地向斜堆積物には玄武岩,橄欖(かんらん)岩,蛇紋岩などのマフィックから超マフィックの火成岩が多いことは古くから知られていた.オフィオライトはこのような所に産出する岩石群を一括して呼ぶ名称であるが,ブロニアールは19世紀初期に蛇紋岩に対して最初に使用した[Brongniart : 1813].opiというギリシャ語は蛇の意味である.しかしその後,蛇紋岩に伴って出現する雑多な岩石に対する野外の漠然とした岩石名として使用され,さらにスタインマンは地向斜期の火成活動でできたマフィックから超マフィックの火成岩群で,超塩基性および塩基性岩石が枕状熔岩やチャートと伴う組合せに使用した[Steinmann : 1906].次第に蛇紋岩や橄欖岩を主としたものはチャートとも関係のあることが強調され,さらに玄武岩や斑糲(はんれい)岩を主とする岩石群についても使用されるようになった.蛇紋岩,玄武岩質枕状熔岩,スピライト,チャートなどの組合せはスタインマンの三つ組(Steinmann's trinity)と呼ばれる[Hess : 1955].この頃は超マフィック・マグマとマフィック・マグマは全く別であると考えられていた.

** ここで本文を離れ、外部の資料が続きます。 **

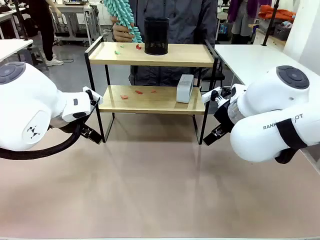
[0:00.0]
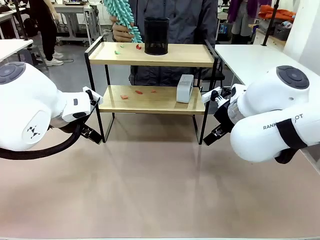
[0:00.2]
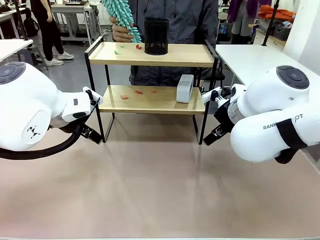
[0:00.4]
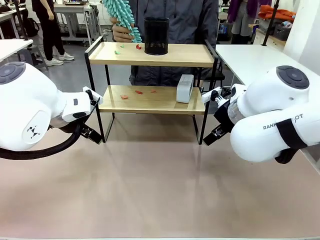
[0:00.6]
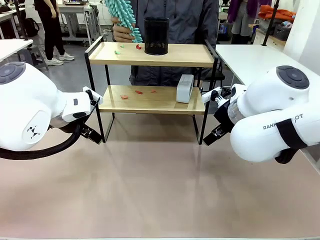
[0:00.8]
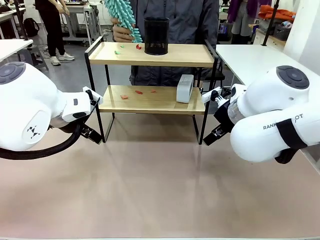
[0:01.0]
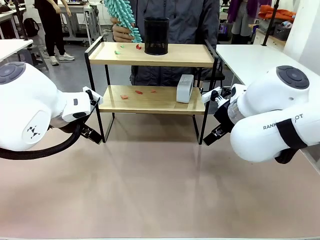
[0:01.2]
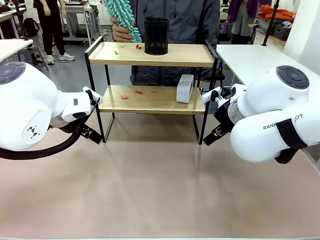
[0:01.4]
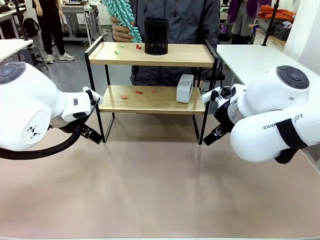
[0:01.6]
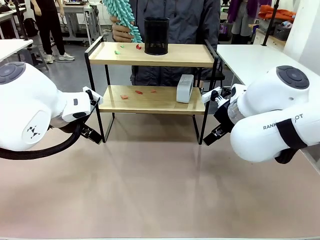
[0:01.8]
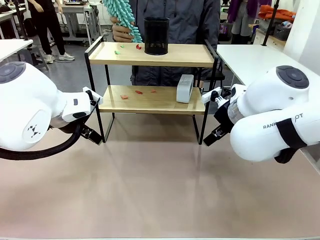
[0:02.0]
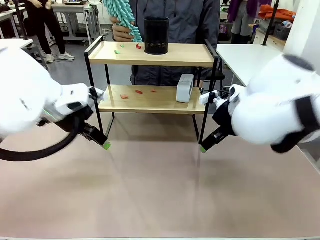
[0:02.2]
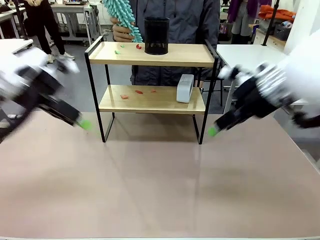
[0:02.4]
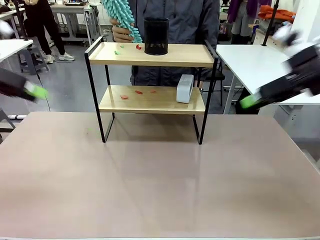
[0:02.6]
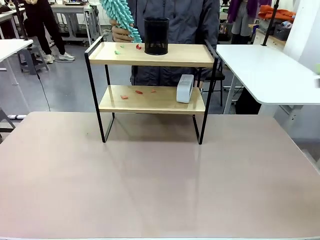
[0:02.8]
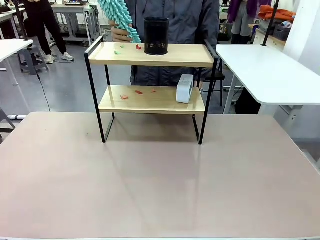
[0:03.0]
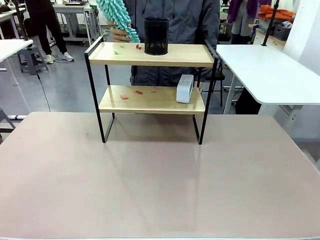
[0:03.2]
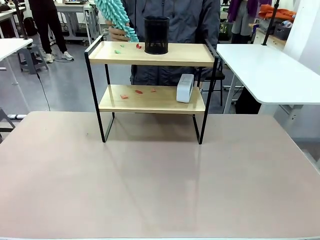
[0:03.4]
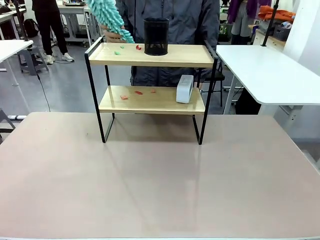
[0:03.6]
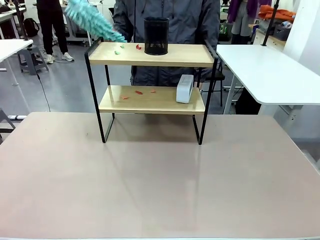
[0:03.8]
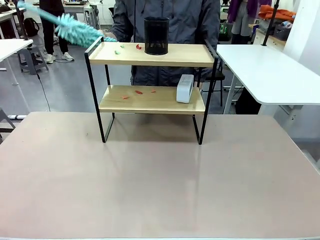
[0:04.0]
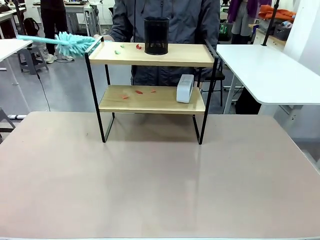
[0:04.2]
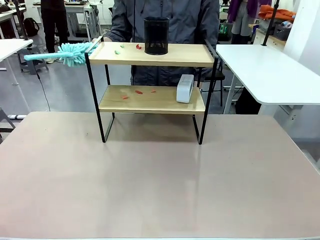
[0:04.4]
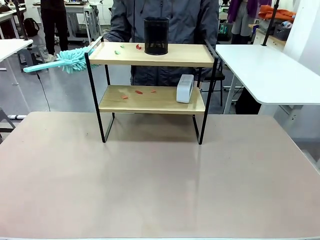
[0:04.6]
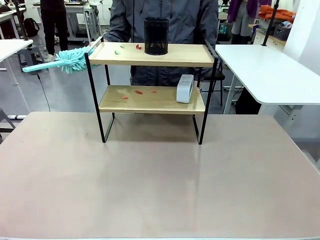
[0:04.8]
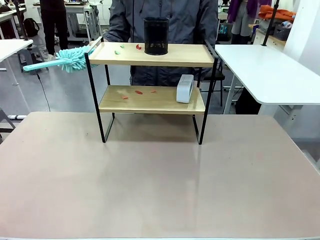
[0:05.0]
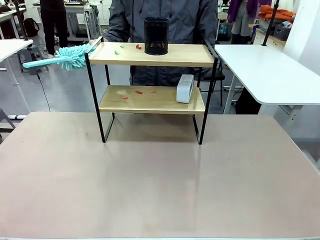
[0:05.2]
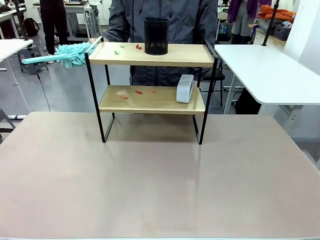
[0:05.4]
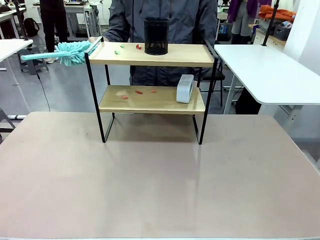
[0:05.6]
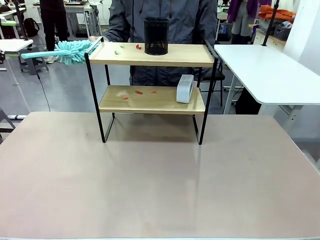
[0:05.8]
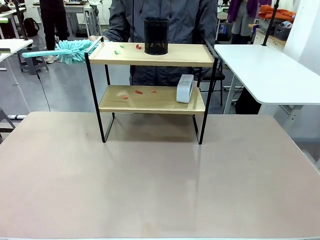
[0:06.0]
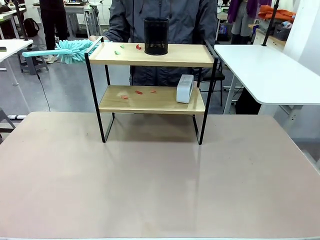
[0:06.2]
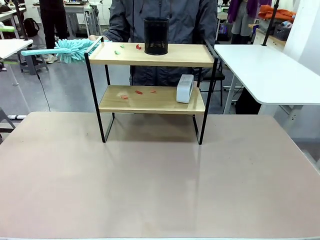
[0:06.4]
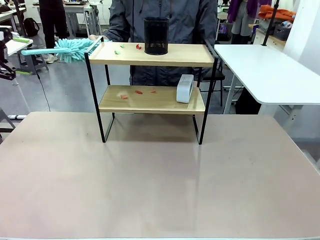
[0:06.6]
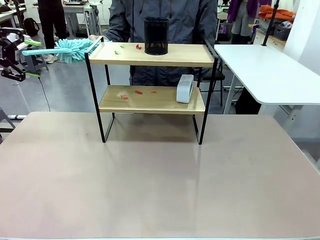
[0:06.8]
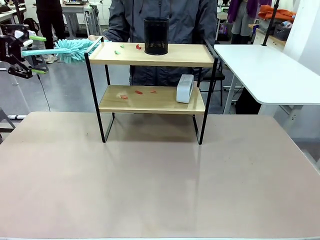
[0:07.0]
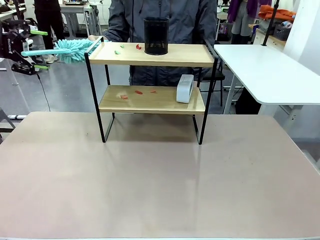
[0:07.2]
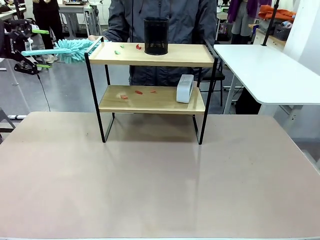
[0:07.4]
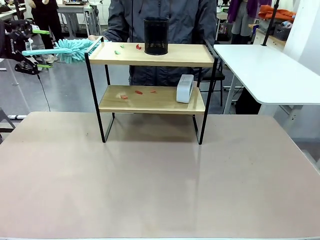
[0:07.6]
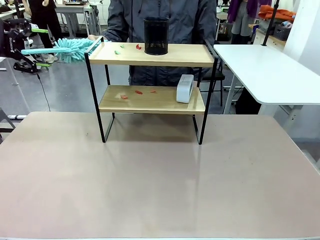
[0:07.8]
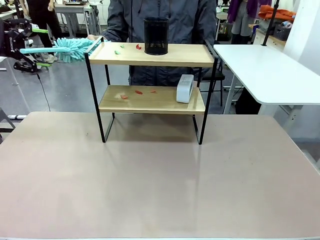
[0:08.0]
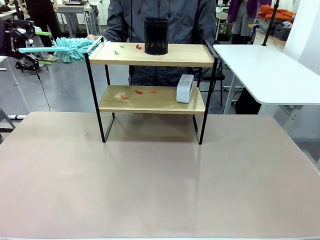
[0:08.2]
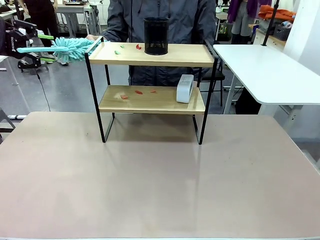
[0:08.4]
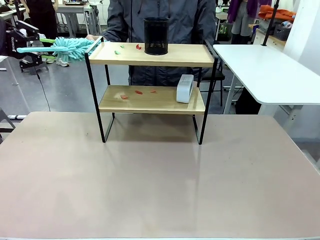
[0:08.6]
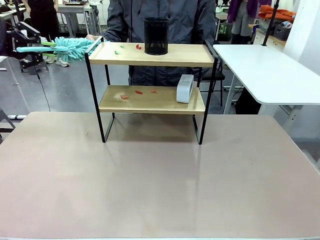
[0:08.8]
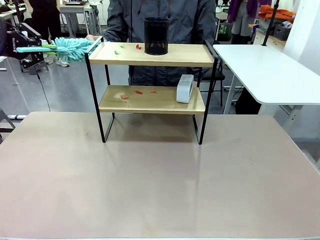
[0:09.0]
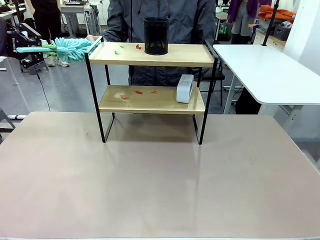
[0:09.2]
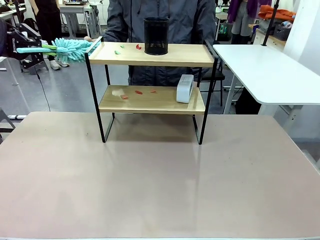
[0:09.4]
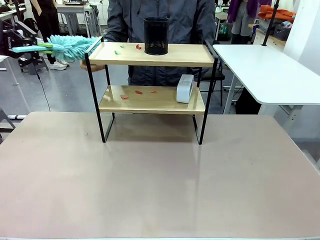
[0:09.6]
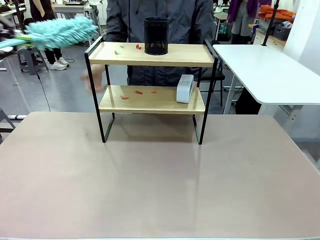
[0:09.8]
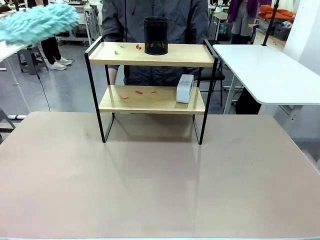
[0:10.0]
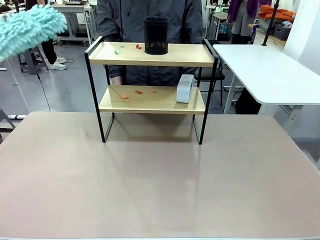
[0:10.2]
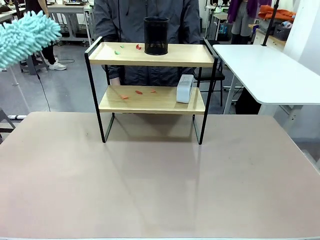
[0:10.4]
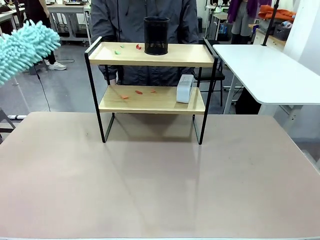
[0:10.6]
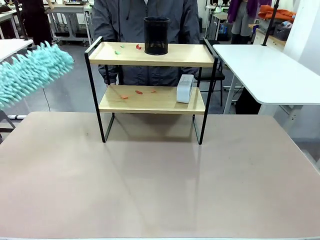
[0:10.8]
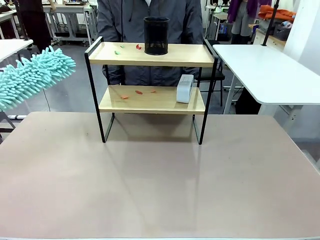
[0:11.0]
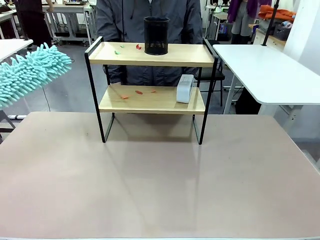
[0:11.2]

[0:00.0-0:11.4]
Task: Clean the shelf.
Robot: Pick up the Duster from the human.
Person: Hand the Duster to the robot.

ヘスやディーツはその海洋底拡大説で,オフィオライトは大洋底の破片が地向斜堆積物の中に押し込まれたものと考えた[Hess : 1962, Dietz : 1963].プレートテクトニクスの歴史を知る上でオフィオライトは重要である.含まれる火成岩類は下から上に順に橄欖岩,斑糲岩,輝緑岩の複合岩床,枕状熔岩となる[Geotimes : 1972, Coleman : 1977].オフィオライトの大部分は,様々な二次的変化(変質または変成作用)を受けている.K2Oは移動しやすく,K2Oが少ないことはこのためと考えられる.オフィオライトの起源としては地向斜の堆積作用と同じ時期に起きる火山活動や,堆積物の中へのマグマの貫入によるもので,マグマは玄武岩質からスピライト質であるが,分化によって珪長質なものから,早期の橄欖岩も形成される.ヘスはこのような状況の中で,橄欖岩や蛇紋岩は玄武岩質なマグマとは無関係であって,独立に超マフィックな物質としてマントルから上昇貫入したものと考えた.ヘスによればその時期も地向斜の堆積時期ではなく,造山帯が最初の大規模な構造運動を受けて変形する時期である.この際二回目以降は超マフィック岩の貫入を伴わない.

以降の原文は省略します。